Wednesday, January 02, 2013

#Mumwatch - The Complete Wisdom

The mystery of the two disappearing packets of tissues; can't believe there's something she forgot. Search those five bags again.

Why is she only six stone she ate a whole cow? At the carvery.

Dropped her special device for picking things up and bent down and picked it up four times in a row.

Seeing item on table: 'Is that a CD?' 'No Mum it's a book.' This woman drives, Birmingham area, weekdays, daylight hours only.

Never in history has one apple been eaten so slowly - walking round with bits of apple in hand promising not to touch anything.

She's having a shower; for the lounge ceiling Lord we pray.

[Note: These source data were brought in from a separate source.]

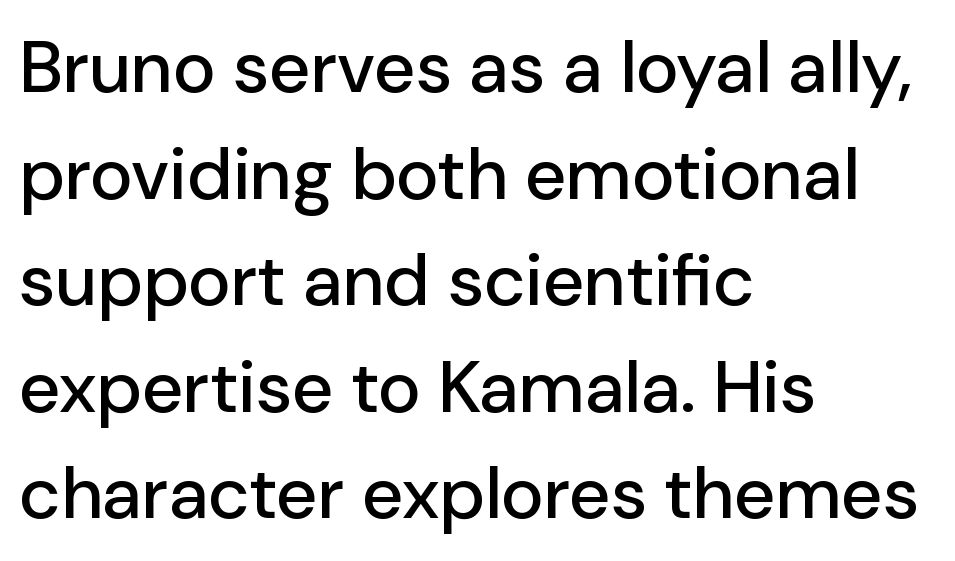
The image shows 73 px sans-serif type, upright; set left-aligned, normal line spacing (1.46x), normal letter spacing, not underlined; low stroke contrast and a medium x-height.
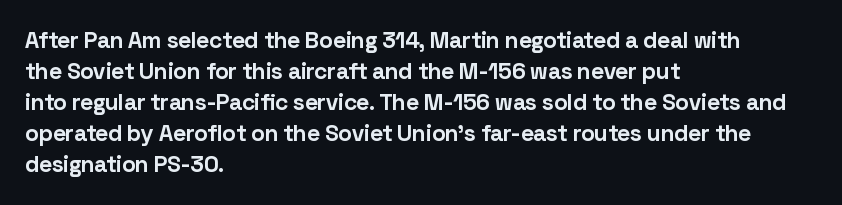
The image shows 23 px bold type, upright; set left-aligned, normal line spacing (1.35x), normal letter spacing, not underlined.
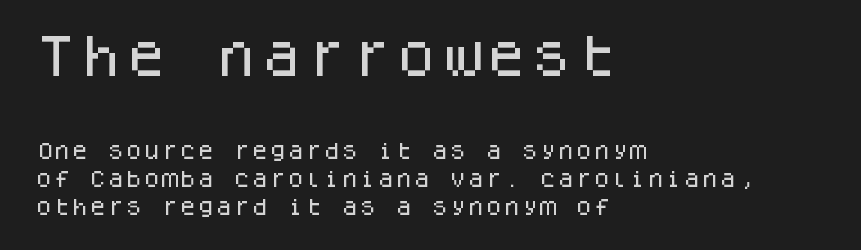
The image shows 45 px sans-serif type, upright, monospaced; set left-aligned, normal line spacing (1.57x), normal letter spacing, not underlined; the first (top) block is 2.5x larger; low stroke contrast and a large x-height.
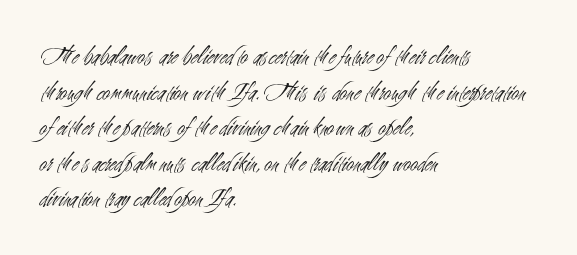
The line texture is even and compact thanks to regular tracking. Honestly, the row spacing looks completely unremarkable. Every row of glyphs begins at an identical x-position on the left. Stroke thickness stays within the range of a standard reading face or lighter. Unmarked baselines from the first word to the last.
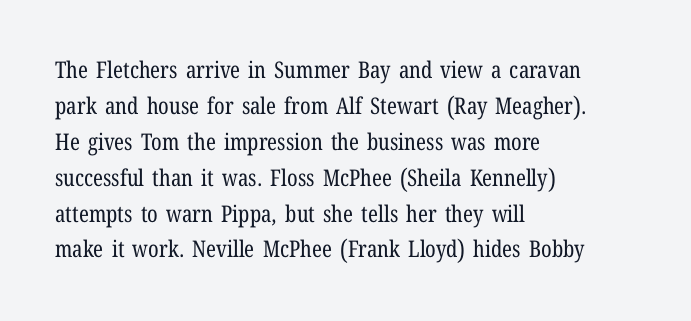
The foot of each line stays bare and open. It's the straight-up-and-down kind of type. The gaps between neighbouring characters are ordinary and unremarkable. A normal amount of white space separates one row of letters from the next. Typeset ragged right — the left edge is the straight one. Is the stroke heavy? The answer is a plain regular-or-lighter.
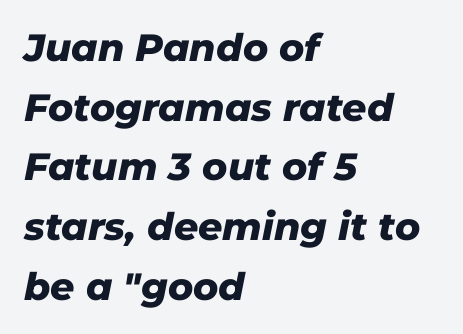
{"italic": "yes", "lean": "right", "slant_degrees": 11, "bold": "yes", "weight": "heavy", "width": "normal", "stroke_contrast": "low", "x_height": "medium", "monospaced": "no", "underline": "no", "align": "left", "line_spacing": "normal", "line_spacing_ratio": 1.57, "letter_spacing": "normal", "letter_spacing_em": 0.0, "glyph_px": 38}
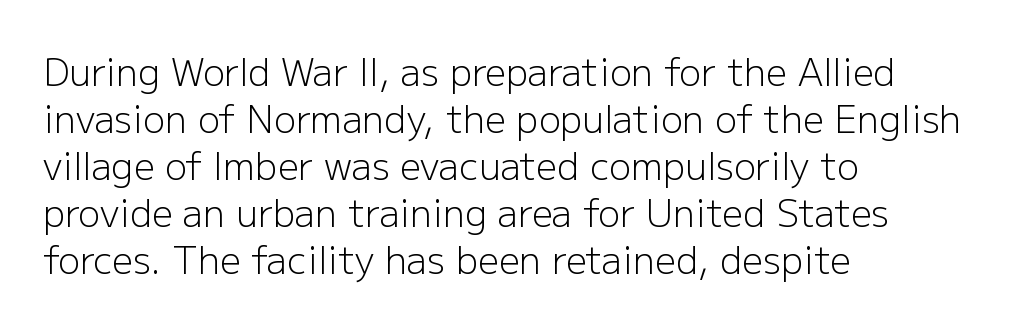
No heavy texture on the line: the type isn't bold. The compositor pushed each line to the left boundary. Vertical strokes here are truly vertical. The rendering uses a moderate line-height, typical for paragraphs. Here the designer chose a conventional face with non-uniform glyph widths.
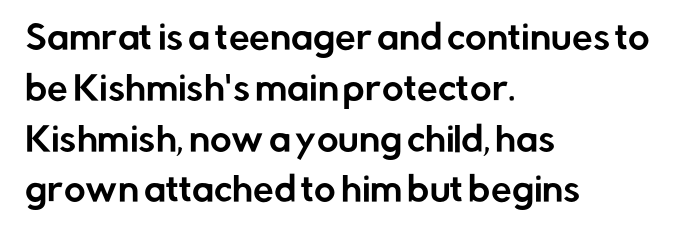
{"serif": "no", "italic": "no", "width": "normal", "stroke_contrast": "low", "x_height": "medium", "monospaced": "no", "underline": "no", "align": "left", "line_spacing": "normal", "line_spacing_ratio": 1.54, "letter_spacing": "normal", "letter_spacing_em": 0.0, "glyph_px": 33}
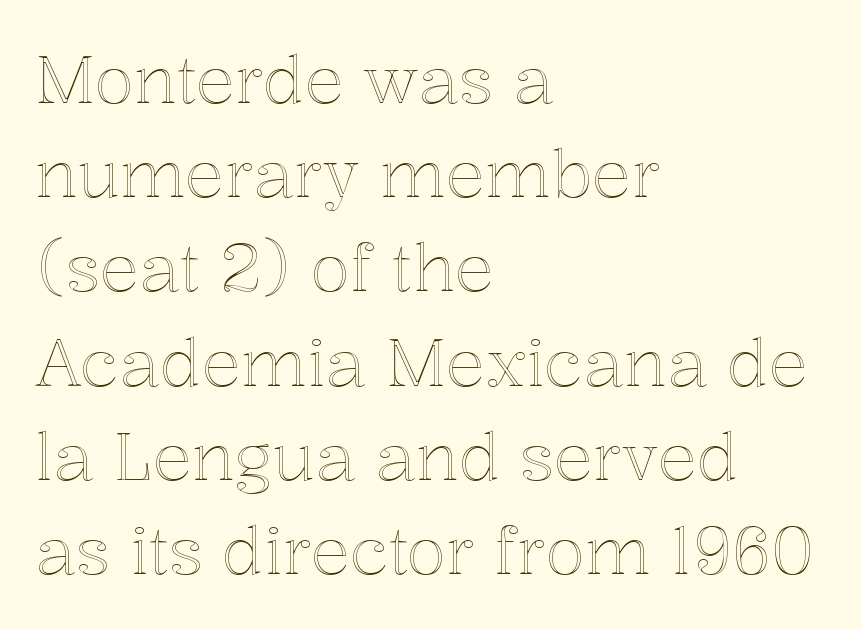
Glance below the letters and you will spot only blank space. The lines are quadded left. Posture: upright roman. Compared with typical paragraphs, the rows here are spaced about the same. Think of a printed novel: that variable character pitch is what you see here.
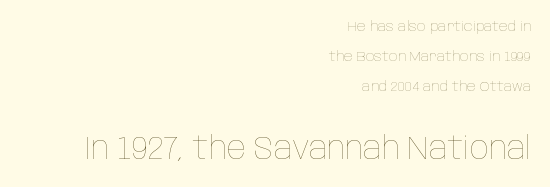
{"italic": "no", "bold": "no", "weight": "thin", "width": "condensed", "stroke_contrast": "low", "x_height": "large", "monospaced": "no", "underline": "no", "align": "right", "line_spacing": "loose", "line_spacing_ratio": 2.15, "letter_spacing": "normal", "letter_spacing_em": 0.0, "larger_block": "second", "size_ratio": 2.21, "glyph_px": 31}
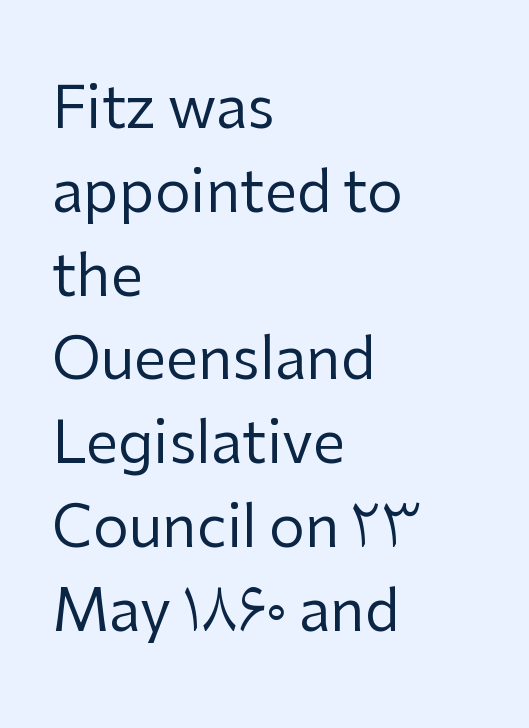
Q: Is the text bold? A: No.
Q: Is the text italic (slanted)? A: No, it is upright.
Q: Is the typeface a serif or a sans-serif typeface? A: Sans-serif.
Q: Is the text underlined? A: No.
Q: How is the paragraph aligned? A: Left-aligned.
Q: Is the spacing between letters normal or unusually wide? A: Normal.
Q: Is the spacing between lines tight, normal or loose? A: Normal.
Q: Width (condensed, normal, or wide)? A: Normal.
Q: Stroke contrast? A: Low.
Q: x-height? A: Medium.
Q: Monospaced? A: No.

That shampoo she wanted. Doesn't know name or type but the bottle was green-topped three years ago and IT'S NOT FOR DAMAGED HAIR.
Lounge ceiling survived the shower but the toilet roll holder didn't.
'I'm just going upstairs and then I'm coming back down again.'
Cutting up food for someone who hates crusts yet asked for pizza.
Best yet. 'This isn't the man out of Coronation Street.' 'Mum, that's Ken Barlow; this is Gary.'
'Every time I see the Manchester Apollo I think of snooker.'
Right. To Birmingham and back in a hurried patient sort of way.
That's all folks.

1 comment:

Anonymous said...

The Gary/ken barlow is the best and deserves to be in your next publication.